Coder Social home page Coder Social logo

gettingandcleaningdata's Introduction

Getting and Cleaning Data

-> Change your working directory to the folder where 'UCI HAR Dataset' (Samsung data) folder is located

-> Place the script 'run_analysis.R' in this folder

-> Load the following library: dplyr

-> Source the 'run_analysis.R' script

-> The script will perform the steps mentioned in the project and will write the ouput of the Step 5 to a txt file 'newData.txt' and place it in the current wokring directory

-> For the explanation of the code see below:

Reading the data sets provided and merging them to create one single data set on which the operations will be performed:

#read data sets and then combine them all in one main data set
x1 <- read.table(paste(getwd(),"/UCI HAR Dataset/test/X_test.txt",sep = ""))
y1 <- read.table(paste(getwd(),"/UCI HAR Dataset/test/y_test.txt",sep = ""))
z1 <- read.table(paste(getwd(),"/UCI HAR Dataset/test/subject_test.txt",sep = ""))
x2 <- read.table(paste(getwd(),"/UCI HAR Dataset/train/X_train.txt",sep = ""))
y2 <- read.table(paste(getwd(),"/UCI HAR Dataset/train/y_train.txt",sep = ""))
z2 <- read.table(paste(getwd(),"/UCI HAR Dataset/train/subject_train.txt",sep = ""))
combinedData1 <- cbind(z1,y1,x1)
combinedData2 <- cbind(z2,y2,x2)
combinedData <- rbind(combinedData1,combinedData2)

The X_test data set is stored in x1. X_train is stored in x2. Similarly, Y_test, Y_train are in y1, y2 respectively. Same for subject_test and subject_train.

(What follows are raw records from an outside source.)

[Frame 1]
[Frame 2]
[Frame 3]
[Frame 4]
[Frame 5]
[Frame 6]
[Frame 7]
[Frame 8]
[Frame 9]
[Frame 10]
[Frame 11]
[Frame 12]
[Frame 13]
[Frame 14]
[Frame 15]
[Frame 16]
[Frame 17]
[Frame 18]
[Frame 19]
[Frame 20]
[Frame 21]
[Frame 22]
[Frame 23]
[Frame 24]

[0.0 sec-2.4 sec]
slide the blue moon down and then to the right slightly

combinedData1 contains subject_test, y_test, X_test, combined by column. combinedData1 contains subject_train, y_train, X_train, combined by column

Finally, combinedData is formed from binding combinedData1&2 by row

Step 1 of the project is over

Next, read feature names and activity names, and assign them to the column names of the combinedData

In the first part the feature names and the activity names are read from the text file and then the fearure names are assigned the column names of the combinedData

#read data sets for feature names and activity names
featureName <- read.table(paste(getwd(),"/UCI HAR Dataset/features.txt",sep = ""))
activityLabels <- read.table(paste(getwd(),"/UCI HAR Dataset/activity_labels.txt",sep = ""))

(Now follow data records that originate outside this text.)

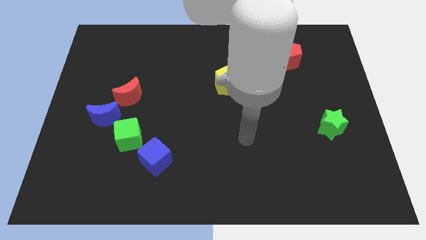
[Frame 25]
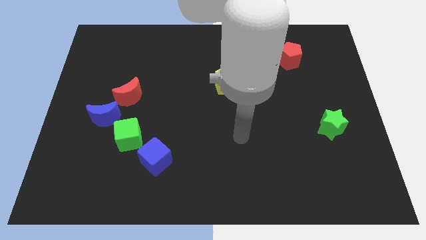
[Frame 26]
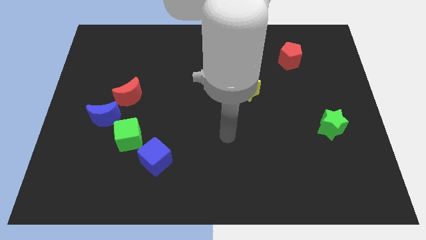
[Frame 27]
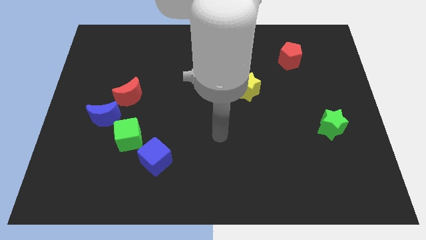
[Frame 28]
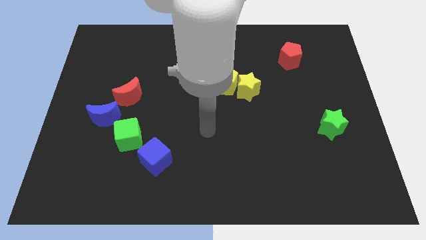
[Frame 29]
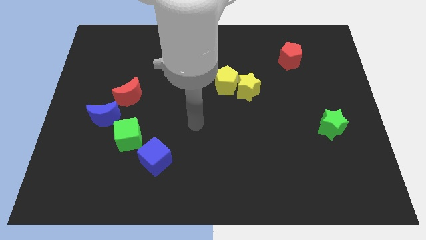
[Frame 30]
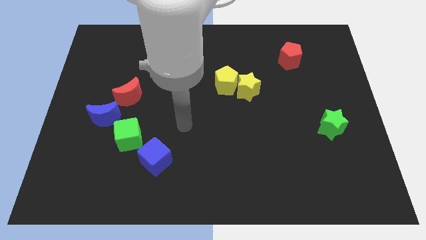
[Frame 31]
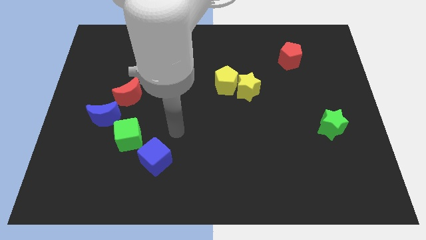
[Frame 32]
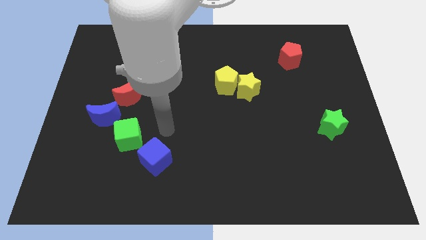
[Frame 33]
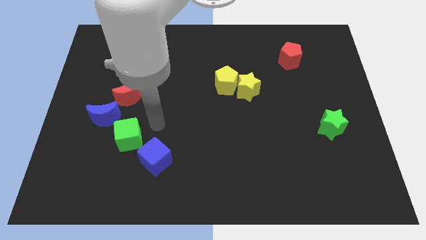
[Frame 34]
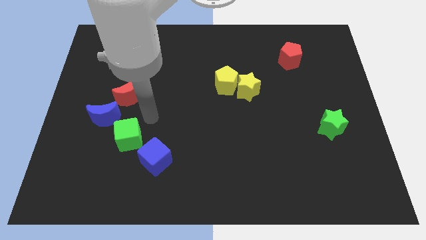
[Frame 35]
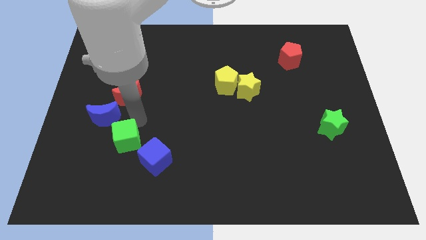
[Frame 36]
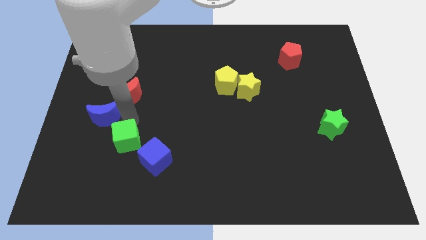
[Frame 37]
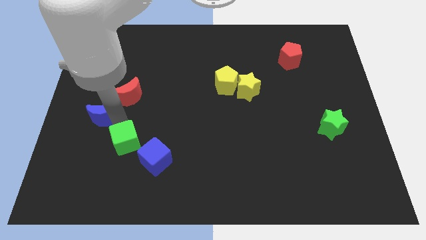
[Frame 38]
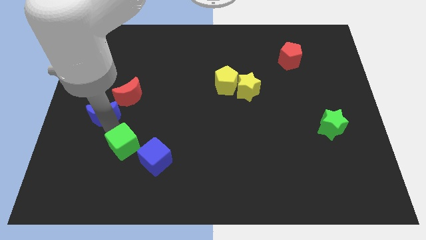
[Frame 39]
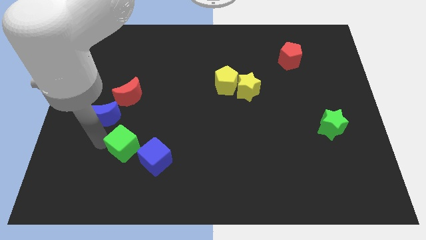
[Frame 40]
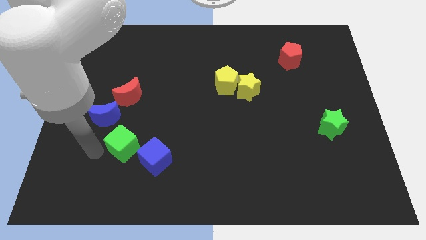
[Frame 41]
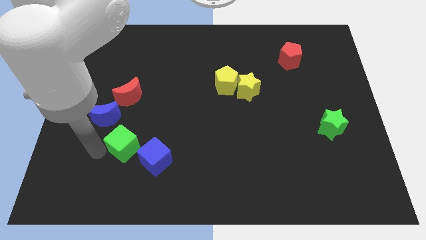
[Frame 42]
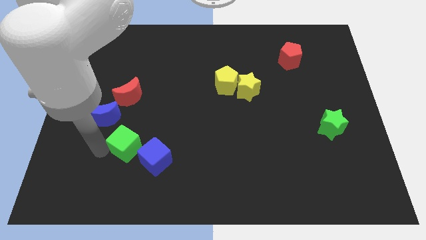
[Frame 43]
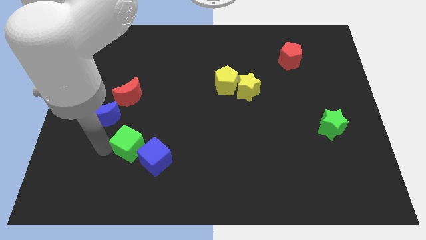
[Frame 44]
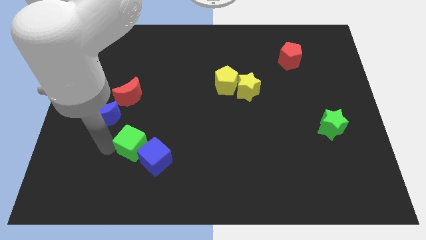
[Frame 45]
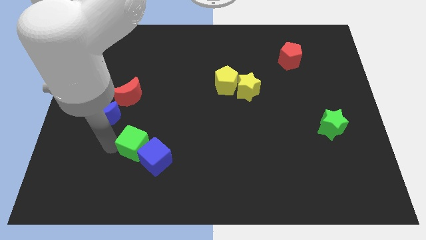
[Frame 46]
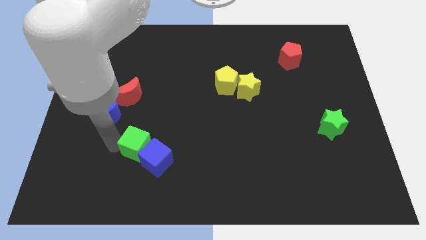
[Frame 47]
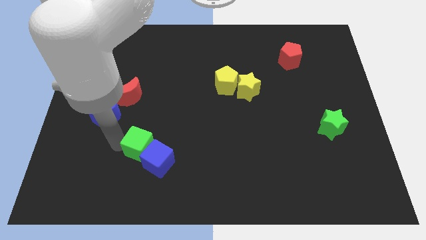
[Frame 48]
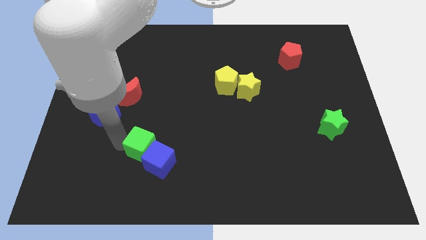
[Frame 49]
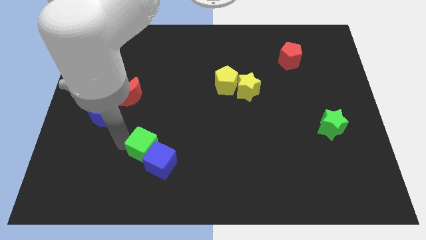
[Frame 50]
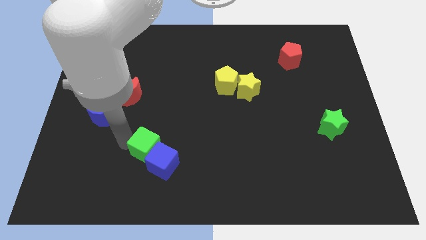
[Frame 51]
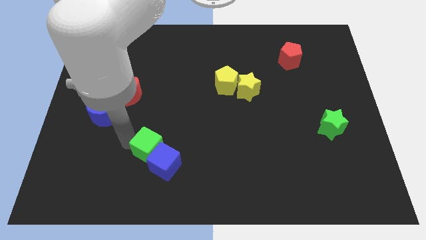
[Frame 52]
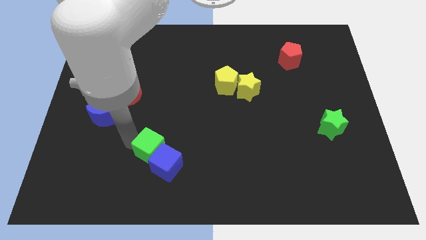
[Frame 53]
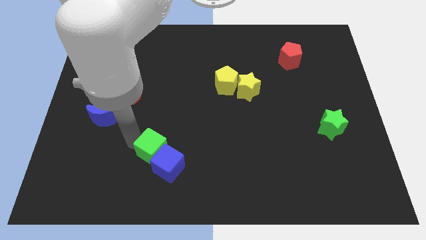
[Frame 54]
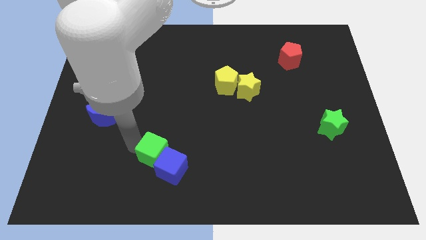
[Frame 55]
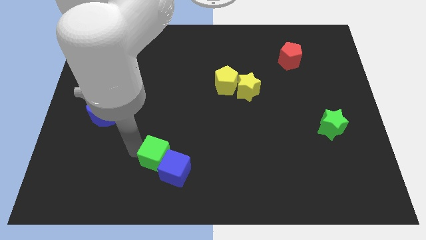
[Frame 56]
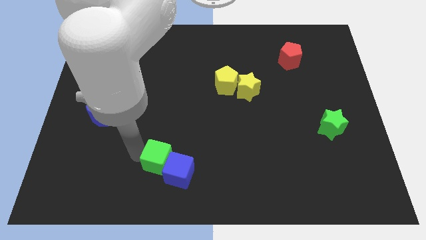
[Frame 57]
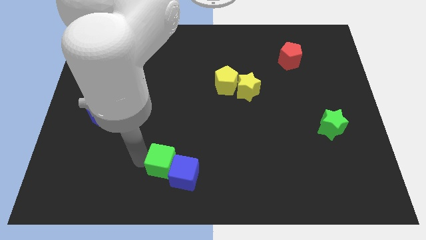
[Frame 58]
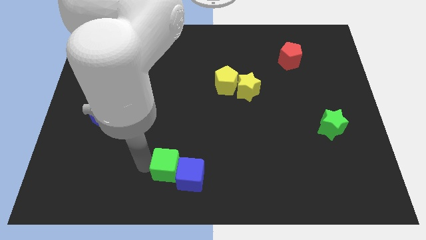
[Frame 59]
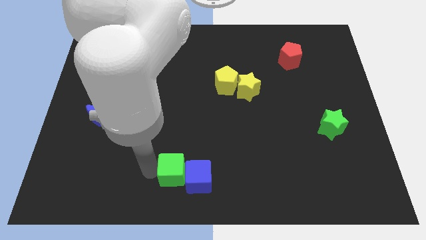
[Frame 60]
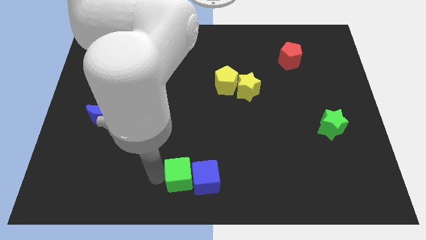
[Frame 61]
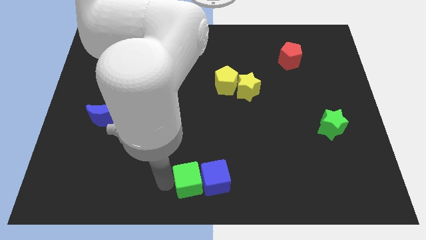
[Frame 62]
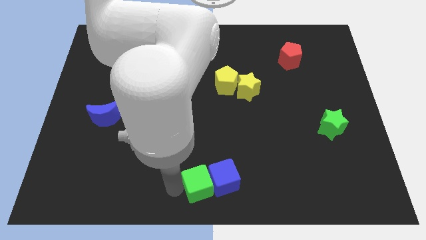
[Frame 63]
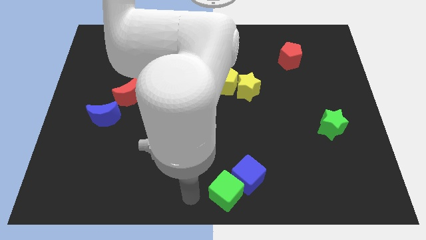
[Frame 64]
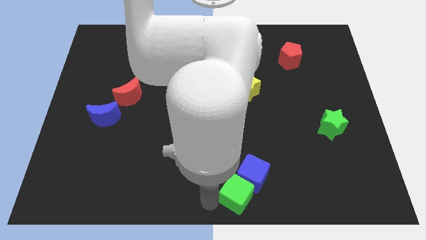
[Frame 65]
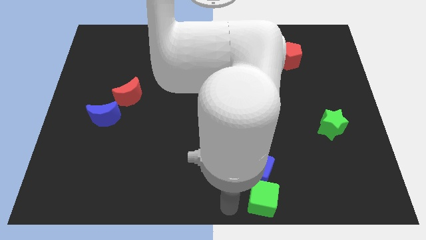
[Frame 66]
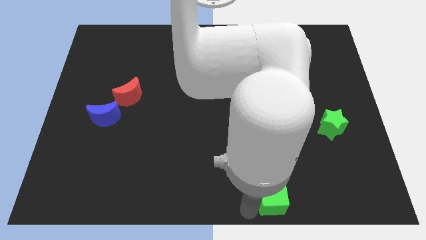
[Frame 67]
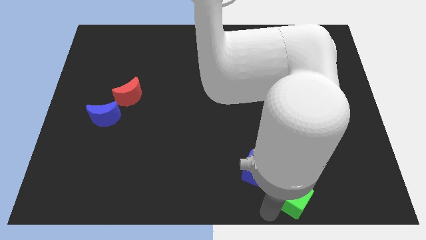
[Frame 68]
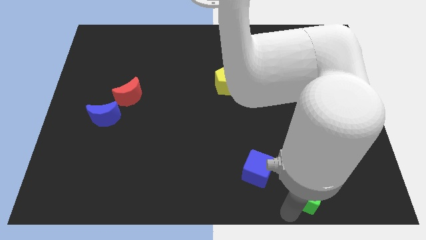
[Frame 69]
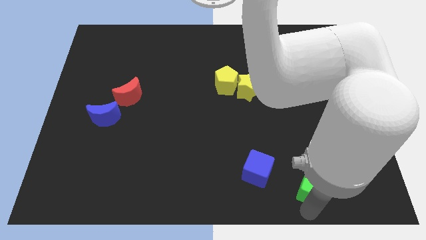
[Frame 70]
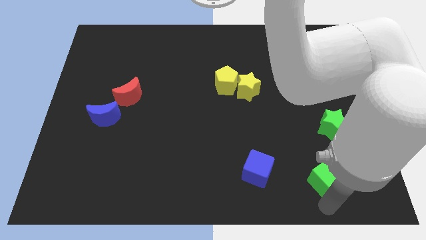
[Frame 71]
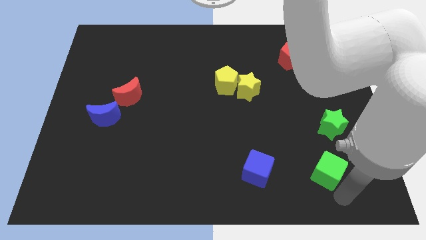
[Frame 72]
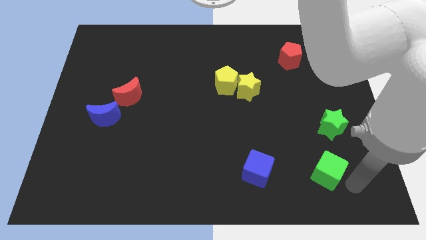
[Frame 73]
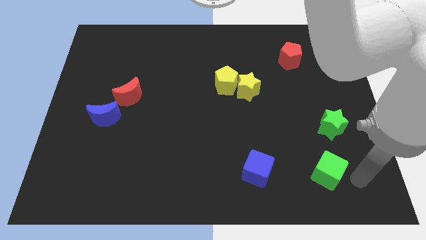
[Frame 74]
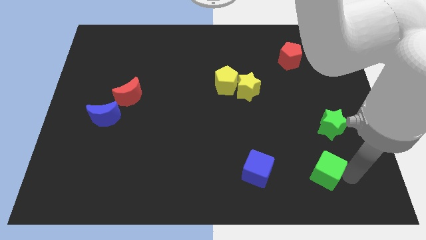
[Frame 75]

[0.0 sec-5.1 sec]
push the green cube to the right

#read data set for column names and assign it to the column names of the main data set
columnNames <- c("SubjectID","ActivityID",as.vector(featureName$V2))
names(combinedData) <- columnNames

Create Tidy data by removing duplicate columns and then extracting the mean and std columns

The below code first checks for duplicate columsn and then removes them from the combinedData, keeping only the unique column names and data.

#remove duplicate columns
duplicateColumnName <- duplicated(colnames(combinedData))
combinedData <- combinedData[,!duplicateColumnName]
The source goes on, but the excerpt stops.